> AVAILABLE DATA:
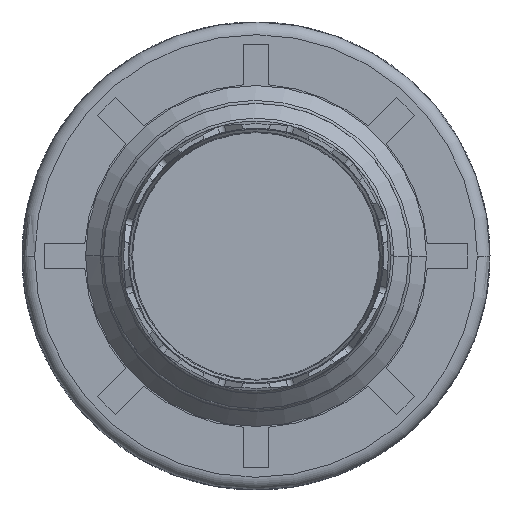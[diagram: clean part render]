
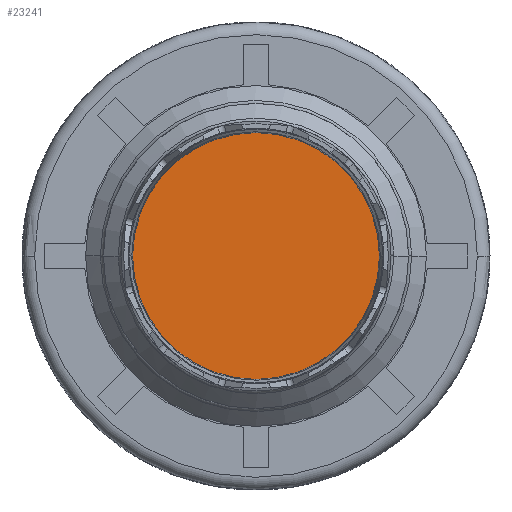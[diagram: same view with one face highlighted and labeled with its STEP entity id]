
A CAD part, left-side view. The second image highlights one B-rep face of the part: STEP entity #23241.
In plain terms, the highlighted planar face has unit normal (-1, 0, 0).
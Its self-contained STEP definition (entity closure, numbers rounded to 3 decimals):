
#8849=CARTESIAN_POINT('',(-16.75,0.,0.));
#8850=DIRECTION('',(-1.,0.,0.));
#8851=DIRECTION('',(0.,1.,0.));
#8852=AXIS2_PLACEMENT_3D('',#8849,#8850,#8851);
#8863=CARTESIAN_POINT('',(-16.75,0.,0.));
#8864=DIRECTION('',(-1.,0.,0.));
#8865=DIRECTION('',(0.,-1.,0.));
#8866=AXIS2_PLACEMENT_3D('',#8863,#8864,#8865);
#10588=CARTESIAN_POINT('',(-16.75,4.85,0.));
#10589=CARTESIAN_POINT('',(-16.75,-4.85,0.));
#10590=VERTEX_POINT('',#10588);
#10591=VERTEX_POINT('',#10589);
#23231=CARTESIAN_POINT('',(-16.75,0.,0.));
#23232=DIRECTION('',(-1.,0.,0.));
#23233=DIRECTION('',(0.,1.,0.));
#23234=AXIS2_PLACEMENT_3D('',#23231,#23232,#23233);
#23235=PLANE('',#23234);
#23236=ORIENTED_EDGE('',*,*,#23214,.F.);
#23238=ORIENTED_EDGE('',*,*,#23237,.F.);
#23239=EDGE_LOOP('',(#23236,#23238));
#23240=FACE_OUTER_BOUND('',#23239,.F.);
#8853=CIRCLE('',#8852,4.85);
#8867=CIRCLE('',#8866,4.85);
#23214=EDGE_CURVE('',#10590,#10591,#8853,.T.);
#23237=EDGE_CURVE('',#10591,#10590,#8867,.T.);
#23241=ADVANCED_FACE('',(#23240),#23235,.T.);
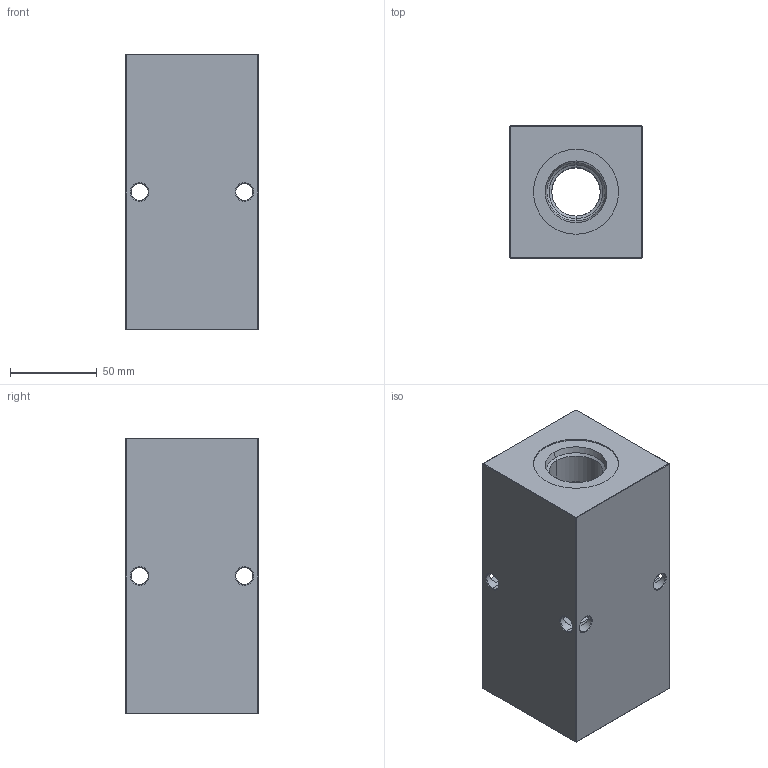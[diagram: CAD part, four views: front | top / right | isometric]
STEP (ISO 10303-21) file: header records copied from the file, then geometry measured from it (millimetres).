
FILE_DESCRIPTION (( 'STEP AP203' ), '1' );
FILE_NAME ('HM-2-90-S-16-16.STEP', '2020-11-09T23:32:03', ( '' ), ( '' ), 'SwSTEP 2.0', 'SolidWorks 2019', '' );
FILE_SCHEMA (( 'CONFIG_CONTROL_DESIGN' ));
Length unit declared in the file: inch
Products named in the file (1): HM-2-90-S-16-16
Bounding box: 76.2 x 76.2 x 158.75 mm (x, y, z)
Volume: 709442.4 mm3; surface area: 84815.3 mm2
Topology: 1 solids, 1 shells, 568 faces, 1465 edges, 940 vertices
Faces by surface type: plane 247, bspline 201, cylinder 64, cone 56
Entity records: 26948 total; most frequent: CARTESIAN_POINT 14501, ORIENTED_EDGE 2930, DIRECTION 1855, EDGE_CURVE 1465, VERTEX_POINT 940, VECTOR 859, LINE 859, EDGE_LOOP 635
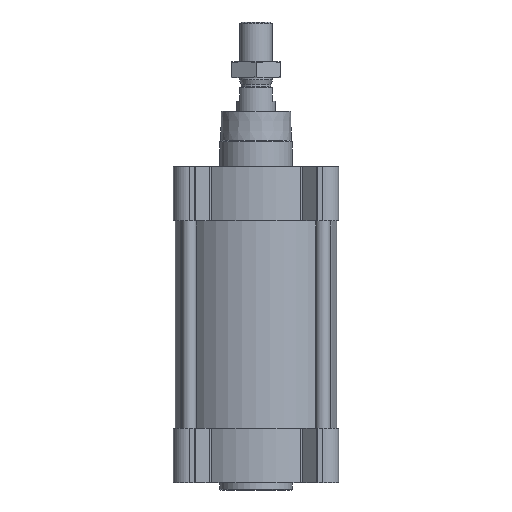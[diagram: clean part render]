
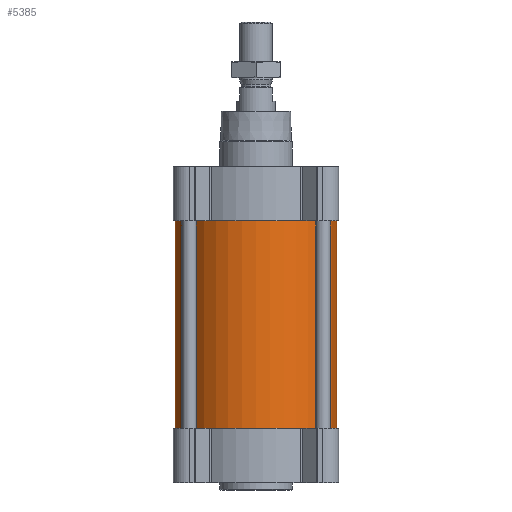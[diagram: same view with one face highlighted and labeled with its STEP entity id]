
A CAD part, front view. The second image highlights one B-rep face of the part: STEP entity #5385.
In plain terms, the highlighted cylindrical face has radius 66.5 mm (diameter 133 mm), a full revolution.
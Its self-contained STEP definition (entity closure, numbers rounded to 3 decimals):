
#1018=CIRCLE('',#5902,66.5);
#1023=CIRCLE('',#5912,66.5);
#1647=ORIENTED_EDGE('',*,*,#3058,.F.);
#1648=ORIENTED_EDGE('',*,*,#3053,.F.);
#3053=EDGE_CURVE('',#3762,#3762,#1018,.T.);
#3058=EDGE_CURVE('',#3767,#3767,#1023,.F.);
#3762=VERTEX_POINT('',#9194);
#3767=VERTEX_POINT('',#9209);
#4334=EDGE_LOOP('',(#1647));
#4335=EDGE_LOOP('',(#1648));
#4815=FACE_BOUND('',#4334,.T.);
#4816=FACE_BOUND('',#4335,.T.);
#5217=CYLINDRICAL_SURFACE('',#5911,66.5);
#5385=ADVANCED_FACE('',(#4815,#4816),#5217,.T.);
#5902=AXIS2_PLACEMENT_3D('',#9193,#6812,#6813);
#5911=AXIS2_PLACEMENT_3D('',#9207,#6830,#6831);
#5912=AXIS2_PLACEMENT_3D('',#9208,#6832,#6833);
#6812=DIRECTION('',(0.,0.,1.));
#6813=DIRECTION('',(1.,0.,0.));
#6830=DIRECTION('',(0.,0.,1.));
#6831=DIRECTION('',(1.,0.,0.));
#6832=DIRECTION('',(0.,0.,1.));
#6833=DIRECTION('',(1.,0.,0.));
#9193=CARTESIAN_POINT('',(0.,0.,-44.7));
#9194=CARTESIAN_POINT('',(66.5,0.,-44.7));
#9207=CARTESIAN_POINT('',(0.,0.,-215.3));
#9208=CARTESIAN_POINT('',(0.,0.,-215.3));
#9209=CARTESIAN_POINT('',(66.5,0.,-215.3));

> AIM OF THE TASK:
Copy nothing but the lines from the first one in the listing through the line with "Faces by surface", and omit the pictures.

> RESPONSE:
[diagram: clean part render]
[diagram: same view with one face highlighted and labeled with its STEP entity id]
A CAD part, left-side view. The second image highlights one B-rep face of the part: STEP entity #23241.
In plain terms, the highlighted planar face has unit normal (-1, 0, 0).
Its self-contained STEP definition (entity closure, numbers rounded to 3 decimals):
#8849=CARTESIAN_POINT('',(-16.75,0.,0.));
#8850=DIRECTION('',(-1.,0.,0.));
#8851=DIRECTION('',(0.,1.,0.));
#8852=AXIS2_PLACEMENT_3D('',#8849,#8850,#8851);
#8863=CARTESIAN_POINT('',(-16.75,0.,0.));
#8864=DIRECTION('',(-1.,0.,0.));
#8865=DIRECTION('',(0.,-1.,0.));
#8866=AXIS2_PLACEMENT_3D('',#8863,#8864,#8865);
#10588=CARTESIAN_POINT('',(-16.75,4.85,0.));
#10589=CARTESIAN_POINT('',(-16.75,-4.85,0.));
#10590=VERTEX_POINT('',#10588);
#10591=VERTEX_POINT('',#10589);
#23231=CARTESIAN_POINT('',(-16.75,0.,0.));
#23232=DIRECTION('',(-1.,0.,0.));
#23233=DIRECTION('',(0.,1.,0.));
#23234=AXIS2_PLACEMENT_3D('',#23231,#23232,#23233);
#23235=PLANE('',#23234);
#23236=ORIENTED_EDGE('',*,*,#23214,.F.);
#23238=ORIENTED_EDGE('',*,*,#23237,.F.);
#23239=EDGE_LOOP('',(#23236,#23238));
#23240=FACE_OUTER_BOUND('',#23239,.F.);
#8853=CIRCLE('',#8852,4.85);
#8867=CIRCLE('',#8866,4.85);
#23214=EDGE_CURVE('',#10590,#10591,#8853,.T.);
#23237=EDGE_CURVE('',#10591,#10590,#8867,.T.);
#23241=ADVANCED_FACE('',(#23240),#23235,.T.);
[diagram: CAD part, four views: front | top / right | isometric]
STEP (ISO 10303-21) file: header records copied from the file, then geometry measured from it (millimetres).
FILE_DESCRIPTION (( 'STEP AP203' ), '1' );
FILE_NAME ('HM-2-90-S-16-16.STEP', '2020-11-09T23:32:03', ( '' ), ( '' ), 'SwSTEP 2.0', 'SolidWorks 2019', '' );
FILE_SCHEMA (( 'CONFIG_CONTROL_DESIGN' ));
Length unit declared in the file: inch
Products named in the file (1): HM-2-90-S-16-16
Bounding box: 76.2 x 76.2 x 158.75 mm (x, y, z)
Volume: 709442.4 mm3; surface area: 84815.3 mm2
Topology: 1 solids, 1 shells, 568 faces, 1465 edges, 940 vertices
Faces by surface type: plane 247, bspline 201, cylinder 64, cone 56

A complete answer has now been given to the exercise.